▶ _Data_:
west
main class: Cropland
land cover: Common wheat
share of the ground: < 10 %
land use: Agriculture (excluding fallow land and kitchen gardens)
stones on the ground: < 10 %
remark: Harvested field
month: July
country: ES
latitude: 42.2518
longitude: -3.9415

--

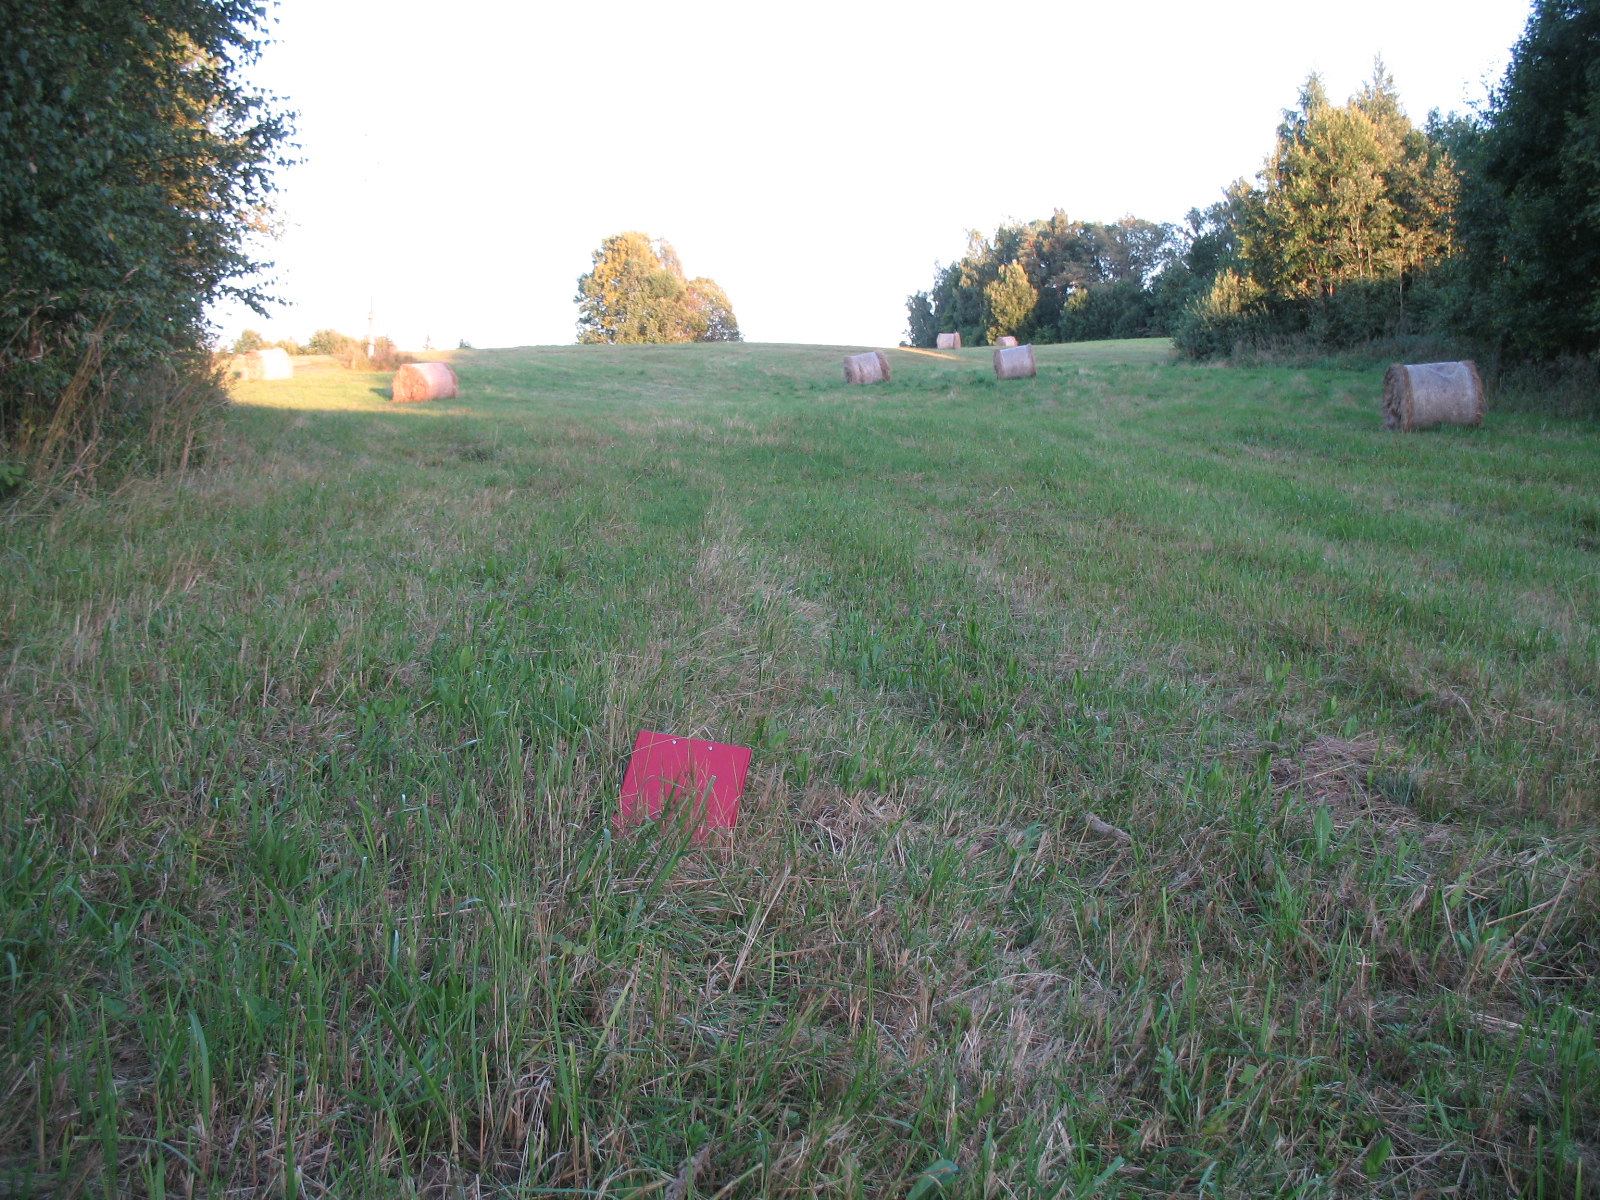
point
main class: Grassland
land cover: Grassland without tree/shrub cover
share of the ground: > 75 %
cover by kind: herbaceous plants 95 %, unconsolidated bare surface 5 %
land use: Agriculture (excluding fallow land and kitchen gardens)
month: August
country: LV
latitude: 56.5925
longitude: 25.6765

▶ _Directions for this task_: Go to the line in the material above that contains "share of the ground: < 10 %" and copy exactly from there through the line that contains "longitude: -3.9415", stopping after it.

▶ _Answer_:
share of the ground: < 10 %
land use: Agriculture (excluding fallow land and kitchen gardens)
stones on the ground: < 10 %
remark: Harvested field
month: July
country: ES
latitude: 42.2518
longitude: -3.9415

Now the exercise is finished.